*** Opening DATA FOR THIS TASK ***

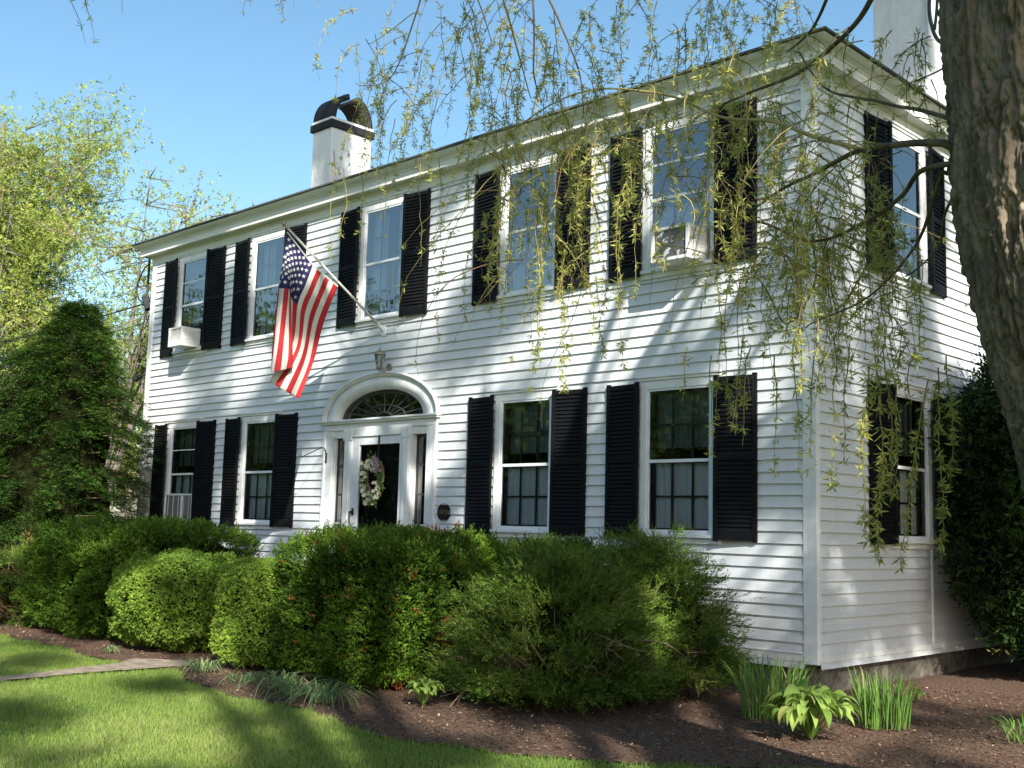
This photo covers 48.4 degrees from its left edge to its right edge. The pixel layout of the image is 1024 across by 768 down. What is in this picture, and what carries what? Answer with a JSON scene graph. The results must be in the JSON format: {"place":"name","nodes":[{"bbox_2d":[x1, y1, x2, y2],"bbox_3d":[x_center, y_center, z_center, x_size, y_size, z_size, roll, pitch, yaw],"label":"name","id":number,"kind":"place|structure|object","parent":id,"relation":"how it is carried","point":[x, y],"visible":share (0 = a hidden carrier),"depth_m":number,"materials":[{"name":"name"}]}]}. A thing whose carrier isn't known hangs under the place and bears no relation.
{"place":"outdoors","nodes":[
{"label":"outdoors","id":0,"kind":"place"},
{"bbox_2d":[0,628,867,767],"bbox_3d":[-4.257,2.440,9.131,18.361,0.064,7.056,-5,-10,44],"label":"grass","id":1,"kind":"structure","parent":0,"point":[30,651],"depth_m":7.58,"materials":[{"name":"green plant"}]},
{"bbox_2d":[0,658,193,680],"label":"footpath","id":2,"kind":"structure","parent":1,"relation":"on","point":[136,663],"depth_m":10.61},
{"bbox_2d":[0,619,1023,767],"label":"mulch bed","id":3,"kind":"object","parent":1,"relation":"on","point":[1002,680],"visible":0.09,"depth_m":8.39,"materials":[{"name":"brown wood"}]},
{"bbox_2d":[0,530,58,629],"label":"juniper","id":4,"kind":"object","parent":3,"relation":"on","point":[9,580],"visible":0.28,"depth_m":14.64,"materials":[{"name":"green plant"}]},
{"bbox_2d":[0,268,146,484],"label":"broadleaf tree","id":5,"kind":"object","parent":3,"relation":"on","point":[117,319],"depth_m":32.56,"materials":[{"name":"green plant"}]},
{"bbox_2d":[0,75,165,390],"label":"broadleaf tree","id":6,"kind":"object","parent":3,"relation":"on","point":[32,246],"visible":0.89,"depth_m":27.71,"materials":[{"name":"green plant"}]},
{"bbox_2d":[0,299,166,563],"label":"conifer tree","id":7,"kind":"object","parent":3,"relation":"on","point":[56,433],"visible":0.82,"depth_m":17.66,"materials":[{"name":"green plant"}]},
{"bbox_2d":[94,644,125,654],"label":"daylily clump","id":8,"kind":"object","parent":3,"relation":"on","point":[111,648],"visible":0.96,"depth_m":11.82,"materials":[{"name":"green plant"}]},
{"bbox_2d":[104,348,144,521],"bbox_3d":[-11.797,1.945,34.018,5.269,6.901,5.153,2,-7,-4],"label":"broadleaf tree","id":9,"kind":"object","parent":3,"relation":"on","point":[141,414],"visible":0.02,"depth_m":33.90,"materials":[{"name":"green plant"}]},
{"bbox_2d":[11,510,266,640],"bbox_3d":[-4.669,2.373,14.278,2.824,1.555,2.614,-5,-10,44],"label":"yew hedge","id":10,"kind":"object","parent":3,"relation":"on","point":[86,560],"visible":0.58,"depth_m":13.48,"materials":[{"name":"green plant"}]},
{"bbox_2d":[25,134,253,492],"bbox_3d":[-7.047,-0.355,23.402,4.544,9.072,5.141,-5,-10,44],"label":"broadleaf tree","id":11,"kind":"object","parent":3,"relation":"on","point":[141,346],"visible":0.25,"depth_m":23.02,"materials":[{"name":"green plant"}]},
{"bbox_2d":[104,547,244,652],"bbox_3d":[-3.621,2.345,12.411,1.648,1.122,1.449,-5,-10,44],"label":"boxwood","id":12,"kind":"object","parent":3,"relation":"on","point":[170,597],"visible":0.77,"depth_m":11.91,"materials":[{"name":"green plant"}]},
{"bbox_2d":[160,657,236,676],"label":"daylily clump","id":13,"kind":"object","parent":3,"relation":"on","point":[207,665],"visible":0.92,"depth_m":10.51,"materials":[{"name":"green plant"}]},
{"bbox_2d":[216,670,280,685],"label":"daylily clump","id":14,"kind":"object","parent":3,"relation":"on","point":[244,677],"visible":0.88,"depth_m":9.88,"materials":[{"name":"green plant"}]},
{"bbox_2d":[208,553,320,669],"bbox_3d":[-2.330,2.213,11.121,1.015,1.116,1.105,-5,-10,44],"label":"boxwood","id":15,"kind":"object","parent":3,"relation":"on","point":[245,625],"visible":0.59,"depth_m":10.75,"materials":[{"name":"green plant"}]},
{"bbox_2d":[222,669,326,696],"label":"daylily clump","id":16,"kind":"object","parent":3,"relation":"on","point":[273,674],"visible":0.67,"depth_m":9.62,"materials":[{"name":"green plant"}]},
{"bbox_2d":[244,672,364,705],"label":"daylily clump","id":17,"kind":"object","parent":3,"relation":"on","point":[293,686],"visible":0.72,"depth_m":9.19,"materials":[{"name":"green plant"}]},
{"bbox_2d":[256,678,392,714],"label":"daylily clump","id":18,"kind":"object","parent":3,"relation":"on","point":[326,689],"visible":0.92,"depth_m":8.85,"materials":[{"name":"green plant"}]},
{"bbox_2d":[262,519,516,690],"bbox_3d":[-1.058,2.005,10.524,2.206,1.532,2.163,-5,-10,44],"label":"yew hedge","id":19,"kind":"object","parent":3,"relation":"on","point":[370,607],"visible":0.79,"depth_m":9.79,"materials":[{"name":"green plant"}]},
{"bbox_2d":[405,675,444,705],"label":"seedling plant","id":20,"kind":"object","parent":3,"relation":"on","point":[424,689],"visible":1,"depth_m":8.87,"materials":[{"name":"green plant"}]},
{"bbox_2d":[473,531,618,577],"bbox_3d":[0.318,2.147,11.046,2.054,1.446,1.278,-5,-10,44],"label":"yew hedge","id":21,"kind":"object","parent":3,"relation":"on","point":[574,540],"visible":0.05,"depth_m":10.86,"materials":[{"name":"green plant"}]},
{"bbox_2d":[418,528,700,716],"bbox_3d":[0.373,1.931,9.402,2.357,1.482,2.335,-5,-10,44],"label":"juniper","id":22,"kind":"object","parent":3,"relation":"on","point":[565,626],"visible":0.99,"depth_m":8.91,"materials":[{"name":"green plant"}]},
{"bbox_2d":[589,513,767,697],"bbox_3d":[1.205,1.955,10.009,2.218,1.638,1.683,-5,-10,44],"label":"juniper","id":23,"kind":"object","parent":3,"relation":"on","point":[687,589],"visible":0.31,"depth_m":9.67,"materials":[{"name":"green plant"}]},
{"bbox_2d":[718,653,820,722],"bbox_3d":[2.011,2.319,8.744,0.918,0.471,0.832,-1,-8,17],"label":"iris clump","id":24,"kind":"object","parent":3,"relation":"on","point":[750,689],"visible":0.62,"depth_m":8.67,"materials":[{"name":"green plant"}]},
{"bbox_2d":[757,678,860,739],"bbox_3d":[2.093,2.255,7.852,0.662,0.402,0.729,3,-7,-15],"label":"broad leaved plant","id":25,"kind":"object","parent":3,"relation":"on","point":[793,704],"visible":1,"depth_m":7.80,"materials":[{"name":"green plant"}]},
{"bbox_2d":[844,664,921,730],"bbox_3d":[2.735,2.313,8.432,0.584,0.442,0.560,0,-7,8],"label":"iris clump","id":26,"kind":"object","parent":3,"relation":"on","point":[873,714],"visible":0.98,"depth_m":8.34,"materials":[{"name":"green plant"}]},
{"bbox_2d":[912,687,925,701],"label":"seedling plant","id":27,"kind":"object","parent":3,"relation":"on","point":[918,694],"visible":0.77,"depth_m":9.77,"materials":[{"name":"green plant"}]},
{"bbox_2d":[925,343,1023,677],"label":"evergreen shrub","id":28,"kind":"object","parent":3,"relation":"on","point":[994,537],"visible":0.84,"depth_m":11.44,"materials":[{"name":"green plant"}]},
{"bbox_2d":[973,711,1023,744],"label":"iris clump","id":29,"kind":"object","parent":3,"relation":"on","point":[1011,730],"visible":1,"depth_m":7.97,"materials":[{"name":"green plant"}]},
{"bbox_2d":[69,0,1023,574],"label":"willow tree","id":30,"kind":"object","parent":1,"relation":"on","point":[983,60],"visible":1,"depth_m":5.41,"materials":[{"name":"green plant"}]},
{"bbox_2d":[130,0,1023,690],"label":"white clapboard house","id":31,"kind":"structure","parent":1,"relation":"on","point":[474,432],"depth_m":12.44,"materials":[{"name":"paint"}]},
{"bbox_2d":[0,259,150,359],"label":"service cable","id":32,"kind":"object","parent":31,"relation":"attached to","point":[145,302],"visible":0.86,"depth_m":19.89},
{"bbox_2d":[163,494,191,520],"bbox_3d":[-5.218,1.928,17.823,0.844,0.420,0.048,-5,-10,44],"label":"air conditioner","id":33,"kind":"object","parent":31,"relation":"on","point":[177,505],"visible":0.9,"depth_m":17.83,"materials":[{"name":"white metal"}]},
{"bbox_2d":[168,326,200,349],"bbox_3d":[-5.179,-0.727,17.984,0.404,0.300,0.330,-5,-10,44],"label":"air conditioner","id":34,"kind":"object","parent":31,"relation":"attached to","point":[183,337],"visible":1,"depth_m":17.87,"materials":[{"name":"white metal"}]},
{"bbox_2d":[172,246,212,357],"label":"window","id":35,"kind":"structure","parent":31,"relation":"in","point":[190,302],"depth_m":18.51,"materials":[{"name":"white paint"}]},
{"bbox_2d":[165,417,238,525],"bbox_3d":[-4.941,1.468,18.158,1.342,1.770,0.835,-5,-10,44],"label":"window","id":36,"kind":"structure","parent":31,"relation":"in","point":[182,432],"depth_m":18.17,"materials":[{"name":"white paint"}]},
{"bbox_2d":[234,410,282,529],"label":"window","id":37,"kind":"structure","parent":31,"relation":"in","point":[257,440],"depth_m":16.65,"materials":[{"name":"white paint"}]},
{"bbox_2d":[244,223,290,345],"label":"window","id":38,"kind":"structure","parent":31,"relation":"in","point":[267,245],"depth_m":17.04,"materials":[{"name":"white paint"}]},
{"bbox_2d":[300,447,326,462],"bbox_3d":[-2.649,0.939,15.184,0.030,0.206,0.424,-5,-10,44],"label":"plant bracket","id":39,"kind":"object","parent":31,"relation":"attached to","point":[318,449],"visible":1,"depth_m":15.31,"materials":[{"name":"black metal"}]},
{"bbox_2d":[281,222,386,335],"bbox_3d":[-2.218,-1.296,14.278,0.080,1.173,1.670,-5,-10,44],"label":"flagpole","id":40,"kind":"object","parent":31,"relation":"attached to","point":[382,328],"visible":1,"depth_m":14.32,"materials":[{"name":"white metal"}]},
{"bbox_2d":[270,232,337,398],"bbox_3d":[-2.517,-0.820,13.879,0.222,2.010,0.972,-5,-10,44],"label":"american flag","id":41,"kind":"object","parent":40,"relation":"hanging from","point":[307,288],"visible":1,"depth_m":13.82,"materials":[{"name":"multicoloured fabric"}]},
{"bbox_2d":[348,427,402,530],"bbox_3d":[-1.727,1.677,14.525,1.030,2.225,0.193,-5,-10,44],"label":"door frame","id":42,"kind":"structure","parent":31,"relation":"in","point":[390,435],"depth_m":14.78,"materials":[{"name":"white paint"}]},
{"bbox_2d":[358,443,399,527],"bbox_3d":[-1.677,1.697,14.574,1.000,2.200,0.090,-5,-10,44],"label":"door","id":43,"kind":"structure","parent":31,"relation":"in","point":[386,510],"depth_m":14.60,"materials":[{"name":"black paint"}]},
{"bbox_2d":[358,435,384,507],"bbox_3d":[-1.783,1.113,14.512,0.528,0.943,0.152,-5,-10,44],"label":"door wreath","id":44,"kind":"object","parent":43,"relation":"hanging from","point":[374,463],"depth_m":14.48,"materials":[{"name":"white plant"}]},
{"bbox_2d":[374,347,390,371],"bbox_3d":[-1.675,-0.314,14.587,0.168,0.312,0.206,-5,-10,44],"label":"wall lantern","id":45,"kind":"object","parent":31,"relation":"attached to","point":[381,353],"depth_m":14.57,"materials":[{"name":"grey metal"}]},
{"bbox_2d":[355,189,409,327],"bbox_3d":[-1.452,-1.549,15.211,1.343,1.785,0.835,-5,-10,44],"label":"window","id":46,"kind":"structure","parent":31,"relation":"in","point":[378,253],"depth_m":15.22,"materials":[{"name":"white paint"}]},
{"bbox_2d":[437,503,449,520],"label":"house plaque","id":47,"kind":"object","parent":31,"relation":"attached to","point":[442,512],"visible":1,"depth_m":13.60,"materials":[{"name":"brown metal"}]},
{"bbox_2d":[496,146,563,304],"bbox_3d":[0.456,-1.731,13.375,1.342,1.785,0.835,-5,-10,44],"label":"window","id":48,"kind":"structure","parent":31,"relation":"in","point":[518,293],"depth_m":13.33,"materials":[{"name":"white paint"}]},
{"bbox_2d":[490,384,598,538],"bbox_3d":[0.386,0.958,13.034,1.342,1.770,0.835,-5,-10,44],"label":"window","id":49,"kind":"structure","parent":31,"relation":"in","point":[522,446],"depth_m":12.95,"materials":[{"name":"white paint"}]},
{"bbox_2d":[651,222,708,267],"bbox_3d":[1.681,-1.382,11.386,0.472,0.345,0.332,-5,-10,44],"label":"air conditioner","id":50,"kind":"object","parent":31,"relation":"attached to","point":[702,243],"visible":0.73,"depth_m":11.28,"materials":[{"name":"white metal"}]},
{"bbox_2d":[639,101,721,280],"bbox_3d":[1.971,-1.877,11.918,1.342,1.785,0.835,-5,-10,44],"label":"window","id":51,"kind":"structure","parent":31,"relation":"in","point":[646,274],"depth_m":11.91,"materials":[{"name":"white paint"}]},
{"bbox_2d":[636,369,769,544],"bbox_3d":[1.901,0.812,11.577,1.342,1.770,0.835,-5,-10,44],"label":"window","id":52,"kind":"structure","parent":31,"relation":"in","point":[676,474],"depth_m":11.48,"materials":[{"name":"white paint"}]},
{"bbox_2d":[820,378,937,548],"bbox_3d":[3.824,0.902,11.885,0.835,1.770,1.340,-5,-10,44],"label":"window","id":53,"kind":"structure","parent":31,"relation":"in","point":[922,528],"depth_m":11.88,"materials":[{"name":"white paint"}]},
{"bbox_2d":[882,116,931,294],"bbox_3d":[3.894,-1.787,12.226,0.835,1.785,1.340,-5,-10,44],"label":"window","id":54,"kind":"structure","parent":31,"relation":"in","point":[916,214],"depth_m":12.25,"materials":[{"name":"white paint"}]},
{"bbox_2d":[927,0,939,43],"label":"cable loop","id":55,"kind":"object","parent":31,"relation":"hanging from","point":[933,27],"visible":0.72,"depth_m":13.11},
{"bbox_2d":[0,0,873,518],"label":"sky","id":56,"kind":"structure","parent":0,"point":[227,92],"materials":[{"name":"blue"}]}
]}

*** Closing DATA FOR THIS TASK ***

Search the listing for the word "seedling". Copy every line in which it occurs.

### EXERCISE RESPONSE
{"bbox_2d":[405,675,444,705],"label":"seedling plant","id":20,"kind":"object","parent":3,"relation":"on","point":[424,689],"visible":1,"depth_m":8.87,"materials":[{"name":"green plant"}]},
{"bbox_2d":[912,687,925,701],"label":"seedling plant","id":27,"kind":"object","parent":3,"relation":"on","point":[918,694],"visible":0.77,"depth_m":9.77,"materials":[{"name":"green plant"}]},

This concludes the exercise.